Below are the records; give the number of lines in them that include the word "width", and nothing more.

[[ Provided records, beginning ]]

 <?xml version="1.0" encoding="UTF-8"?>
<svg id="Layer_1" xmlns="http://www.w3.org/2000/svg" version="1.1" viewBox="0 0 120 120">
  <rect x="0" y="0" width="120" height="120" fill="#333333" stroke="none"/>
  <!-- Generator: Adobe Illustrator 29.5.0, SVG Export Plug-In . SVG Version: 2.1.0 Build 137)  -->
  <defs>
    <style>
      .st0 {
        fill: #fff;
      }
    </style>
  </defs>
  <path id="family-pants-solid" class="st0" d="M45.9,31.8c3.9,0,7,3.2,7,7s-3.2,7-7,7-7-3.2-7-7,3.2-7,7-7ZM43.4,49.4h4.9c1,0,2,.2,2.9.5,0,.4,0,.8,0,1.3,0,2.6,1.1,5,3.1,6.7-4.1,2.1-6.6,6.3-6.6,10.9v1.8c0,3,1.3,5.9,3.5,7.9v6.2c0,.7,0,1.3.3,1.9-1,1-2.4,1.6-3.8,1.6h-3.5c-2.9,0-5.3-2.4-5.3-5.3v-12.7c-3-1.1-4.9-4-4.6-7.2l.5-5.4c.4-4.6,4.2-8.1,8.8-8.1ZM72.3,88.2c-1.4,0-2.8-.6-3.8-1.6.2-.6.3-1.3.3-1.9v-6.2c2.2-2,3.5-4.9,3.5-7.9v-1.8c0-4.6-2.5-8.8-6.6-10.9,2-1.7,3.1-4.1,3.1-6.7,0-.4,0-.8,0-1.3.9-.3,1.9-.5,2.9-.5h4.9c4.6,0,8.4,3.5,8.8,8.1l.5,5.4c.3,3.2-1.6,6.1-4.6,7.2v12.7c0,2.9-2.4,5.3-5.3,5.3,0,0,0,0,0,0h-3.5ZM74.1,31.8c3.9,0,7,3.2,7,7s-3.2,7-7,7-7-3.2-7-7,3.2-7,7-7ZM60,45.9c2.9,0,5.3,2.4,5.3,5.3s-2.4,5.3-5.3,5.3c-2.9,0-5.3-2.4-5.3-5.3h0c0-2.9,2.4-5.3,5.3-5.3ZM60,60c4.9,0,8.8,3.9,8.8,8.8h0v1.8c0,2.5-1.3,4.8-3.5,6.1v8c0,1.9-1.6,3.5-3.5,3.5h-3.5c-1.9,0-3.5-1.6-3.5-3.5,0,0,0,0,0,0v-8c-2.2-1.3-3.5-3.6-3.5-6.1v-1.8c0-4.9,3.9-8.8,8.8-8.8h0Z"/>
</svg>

[[ Provided records, end ]]
[[ Provided records, beginning ]]

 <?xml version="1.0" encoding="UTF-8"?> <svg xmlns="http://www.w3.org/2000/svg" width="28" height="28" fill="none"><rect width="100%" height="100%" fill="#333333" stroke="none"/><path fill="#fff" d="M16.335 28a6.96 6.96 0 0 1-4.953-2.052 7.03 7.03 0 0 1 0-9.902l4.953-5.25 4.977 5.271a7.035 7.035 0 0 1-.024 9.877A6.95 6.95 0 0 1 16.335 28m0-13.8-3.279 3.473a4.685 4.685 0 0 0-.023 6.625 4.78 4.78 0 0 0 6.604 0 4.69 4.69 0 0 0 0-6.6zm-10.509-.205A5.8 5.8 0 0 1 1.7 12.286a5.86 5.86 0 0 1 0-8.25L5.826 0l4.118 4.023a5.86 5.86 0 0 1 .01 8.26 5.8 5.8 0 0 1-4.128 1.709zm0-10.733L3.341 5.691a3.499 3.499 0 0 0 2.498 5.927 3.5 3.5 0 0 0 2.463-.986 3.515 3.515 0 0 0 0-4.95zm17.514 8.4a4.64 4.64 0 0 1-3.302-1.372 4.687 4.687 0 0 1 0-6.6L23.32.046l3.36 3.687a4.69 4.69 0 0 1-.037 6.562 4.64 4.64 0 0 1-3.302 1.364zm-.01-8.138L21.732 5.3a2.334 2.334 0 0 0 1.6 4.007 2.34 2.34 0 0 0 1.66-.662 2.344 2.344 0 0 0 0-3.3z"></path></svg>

[[ Provided records, end ]]

**Answer space**
2